Home Region Sport Schweiz/Ausland Rubriken Agenda
Schmerikon
21.06.2023
23.06.2023 18:47 Uhr

30 Tage Knast für Sonnenbrillenklau

Bild: Linth24
Ein abgewiesener Asylbewerber klaut in Schmerikon eine Sonnenbrille und erlebt die volle Härte des Schweizer Rechtsstaates.

Es geschah Ende Mai dieses Jahr in Schmerikon und im Zentrum steht ein 27-jähriger Marokkaner, den wir hier «Amir» nennen. Amir war bereits Mitte April der Staatsanwaltschaft Kreuzlingen aufgefallen, weil er sich unberechtigterweise in der Schweiz aufhielt und weil er etwas «Geringfügiges» gestohlen hatte – was dieses «etwas» ist, steht nicht in den vorliegenden Unterlagen.

Aus den Akten geht klar hervor, dass das Asylgesuch von Amir abgewiesen war. Trotzdem war er an jenem Maiabend in Schmerikon, obwohl er eigentlich im Bundesasylzentrum in Kreuzlingen wohnt.

Bekifft eine Sonnenbrille geklaut

So gegen 17 Uhr rauchte Amir etwas, was er nicht rauchen durfte: Marihuana mittels eines «Joints», wie die Staatsanwaltschat Uznach feststellte. Ein paar Stunden später, genauer gesagt um «ca. 4:15» – also tief in der Nacht – schlendert Amir durch Schmerikon. Dort entdeckt er einen schönen, unverschlossenen Audi S3 Quattro und darin eine Sonnenbrille im Wert von 150 Franken.

Der Mann klaute die Brille, so würde man es umgangssprachlich sagen. Der Staatsanwalt beschreibt es im Strafbefehl viel eleganter und schon fast poetisch: «Anschliessend entfernte er sich unter Mitnahme des Deliktgutes, in der Absicht, de Sonnenbrille dem Geschädigten dauernd zu enteignen und nicht mehr zurückzugeben, um sich die Sonnenbrille zumindest vorübergehend zuzueignen.»

Der Staatsanwalt schliesst messerscharf: «Der Beschuldigte handelte mit dem Ziel, sich wirtschaftlich besser zu stellen, worauf er kein Anrecht hatte.»

«Stopp Polizei» ignoriert

Nun, machen wir umgangssprachlich weiter. Amir und seine Sonnenbrille fielen zwei Polizisten auf. Wir nennen sie hier «Wäckerli» und «Schuppli». Dem Gefreiten und dem Wachtmeister, die in ihrem Dienstwagen unterwegs waren, kam der Amir verdächtig vor. Sie wollten ihn anhalten, doch Amir gab Fersengeld und rannte über die Geleise in Richtung Uznach und Schrebergärten.

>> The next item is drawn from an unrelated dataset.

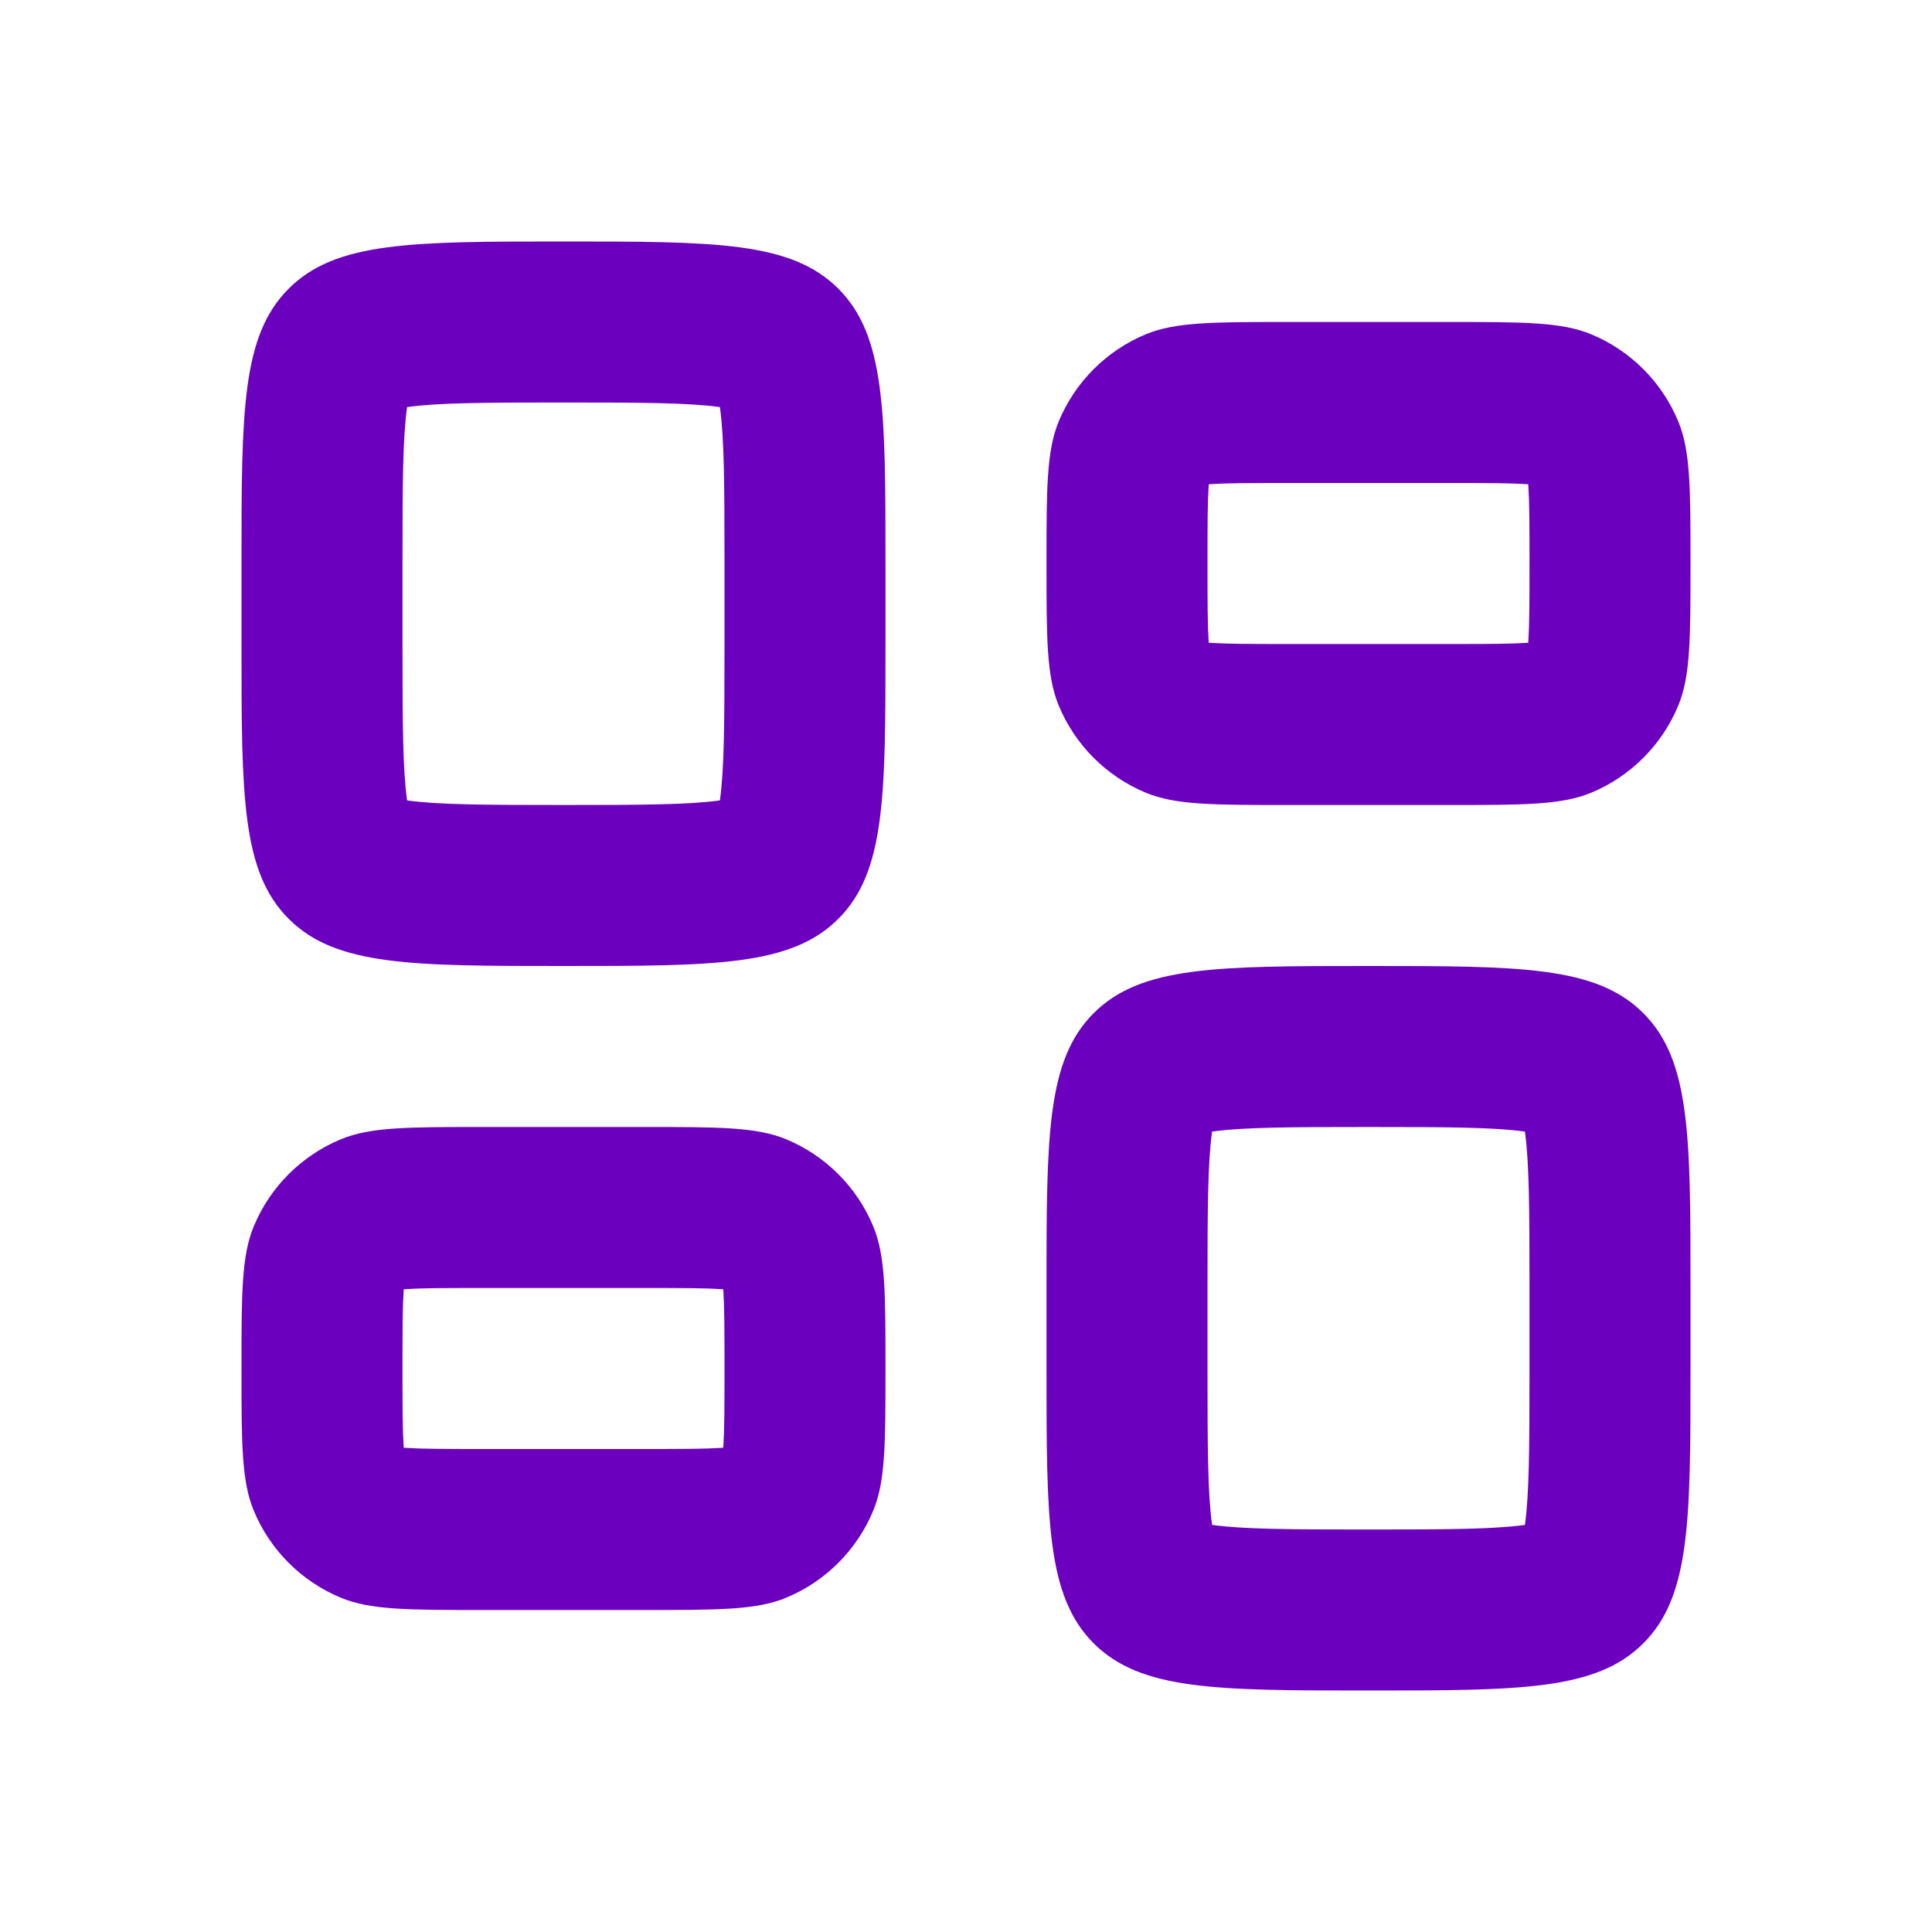 <svg width="24" height="24" viewBox="0 0 24 24" fill="none" xmlns="http://www.w3.org/2000/svg">
<path fill-rule="evenodd" clip-rule="evenodd" d="M3.586 3.586C3 4.172 3 5.114 3 7V8C3 9.886 3 10.828 3.586 11.414C4.172 12 5.114 12 7 12C8.886 12 9.828 12 10.414 11.414C11 10.828 11 9.886 11 8V7C11 5.114 11 4.172 10.414 3.586C9.828 3 8.886 3 7 3C5.114 3 4.172 3 3.586 3.586ZM5.055 5.072C5.004 5.452 5 6.001 5 7V8C5 8.999 5.004 9.548 5.055 9.928L5.057 9.943L5.072 9.945C5.452 9.996 6.001 10 7 10C7.999 10 8.548 9.996 8.928 9.945L8.943 9.943L8.945 9.928C8.996 9.548 9 8.999 9 8V7C9 6.001 8.996 5.452 8.945 5.072L8.943 5.057L8.928 5.055C8.548 5.004 7.999 5 7 5C6.001 5 5.452 5.004 5.072 5.055L5.057 5.057L5.055 5.072ZM13.586 20.414C13 19.828 13 18.886 13 17V16C13 14.114 13 13.172 13.586 12.586C14.172 12 15.114 12 17 12C18.886 12 19.828 12 20.414 12.586C21 13.172 21 14.114 21 16V17C21 18.886 21 19.828 20.414 20.414C19.828 21 18.886 21 17 21C15.114 21 14.172 21 13.586 20.414ZM15.057 18.943L15.055 18.928C15.004 18.548 15 17.999 15 17V16C15 15.001 15.004 14.452 15.055 14.072L15.057 14.057L15.072 14.055C15.452 14.004 16.001 14 17 14C17.999 14 18.548 14.004 18.928 14.055L18.943 14.057L18.945 14.072C18.996 14.452 19 15.001 19 16V17C19 17.999 18.996 18.548 18.945 18.928L18.943 18.943L18.928 18.945C18.548 18.996 17.999 19 17 19C16.001 19 15.452 18.996 15.072 18.945L15.057 18.943ZM4.235 14.152C3.745 14.355 3.355 14.745 3.152 15.235C3 15.602 3 16.068 3 17C3 17.932 3 18.398 3.152 18.765C3.355 19.255 3.745 19.645 4.235 19.848C4.602 20 5.068 20 6 20H8C8.932 20 9.398 20 9.765 19.848C10.255 19.645 10.645 19.255 10.848 18.765C11 18.398 11 17.932 11 17C11 16.068 11 15.602 10.848 15.235C10.645 14.745 10.255 14.355 9.765 14.152C9.398 14 8.932 14 8 14H6C5.068 14 4.602 14 4.235 14.152ZM8.984 16.016L8.958 16.014C8.763 16.001 8.493 16 8 16H6C5.507 16 5.237 16.001 5.042 16.014L5.016 16.016L5.014 16.042C5.001 16.237 5 16.507 5 17C5 17.493 5.001 17.763 5.014 17.958L5.016 17.984L5.042 17.986C5.237 17.999 5.507 18 6 18H8C8.493 18 8.763 17.999 8.958 17.986L8.984 17.984L8.986 17.958C8.999 17.763 9 17.493 9 17C9 16.507 8.999 16.237 8.986 16.042L8.984 16.016ZM20.848 8.765C21 8.398 21 7.932 21 7C21 6.068 21 5.602 20.848 5.235C20.645 4.745 20.255 4.355 19.765 4.152C19.398 4 18.932 4 18 4H16C15.068 4 14.602 4 14.235 4.152C13.745 4.355 13.355 4.745 13.152 5.235C13 5.602 13 6.068 13 7C13 7.932 13 8.398 13.152 8.765C13.355 9.255 13.745 9.645 14.235 9.848C14.602 10 15.068 10 16 10H18C18.932 10 19.398 10 19.765 9.848C20.255 9.645 20.645 9.255 20.848 8.765ZM18.986 7.958C18.999 7.763 19 7.493 19 7C19 6.507 18.999 6.237 18.986 6.042L18.984 6.016L18.958 6.014C18.763 6.001 18.493 6 18 6H16C15.507 6 15.237 6.001 15.042 6.014L15.016 6.016L15.014 6.042C15.001 6.237 15 6.507 15 7C15 7.493 15.001 7.763 15.014 7.958L15.016 7.984L15.042 7.986C15.237 7.999 15.507 8 16 8H18C18.493 8 18.763 7.999 18.958 7.986L18.984 7.984L18.986 7.958Z" fill="#6C00BF"/>
</svg>

Auch ein mehrfach gerufenes «Stopp Polizei» konnten den – hier im doppelten Sinn genannten – Flüchtling nicht aufhalten.

Nach einer Weile gab der Gefreite Schuppli die Verfolgung auf. Doch die Freiheit von Amir endete um 6:15 Uhr ebenfalls in Schmerikon, wo er immer noch herumirrte.

Noch am selben Tag, am 31.Mai 2023, verfügte der leitende Staatsanwalt in Uznach einen Strafbefehl, der an Härte schwer zu überbieten ist. Ausser Landesverweisung ist alles darin enthalten, was man sich so vorstellen kann.

30 Tage Gefängnis

Für den Diebstahl der 150 Franken Brille wurde Amir zu einer unbedingten Gefängnisstrafe von 30 Tagen verurteilt. Das Gefängnis sei die richtige Massnahme, «um den Beschuldigten von der Begehung weiterer Verbrechen oder Vergehen abzuhalten», wie es im Strafbefehl heisst und, weil eine Geldstrafe keinen Sinn macht: «Der Beschuldigte ist abgewiesener Asylsuchender und hat weder Einkommen noch Vermögen.» Es sei mir «an Sicherheit grenzender Wahrscheinlichkeit» davon auszugehen, dass Amir keine Busse zahlen könne.

Trotzdem wird er zur Kasse gebeten. Wegen «Hinderung einer Amtshandlung», also seiner Flucht, wird er mit einer Geldstrafe von 300 Franken bestraft. Das Rauchen des Joints führt zu einer Busse von 100 Franken. Zusammen mit den Gebühren von 350 Franken und «besonderen Auslagen» von 300 Franken, macht das einen Gesamtbetrag von 1'050 Franken, die Amir der Staatskasse schuldet.

Wie er das bezahlen soll und wie die Zukunft von Amir nach dem Gefängnis aussieht, steht nicht im Strafbefehl des St.Galler Staatsanwalts.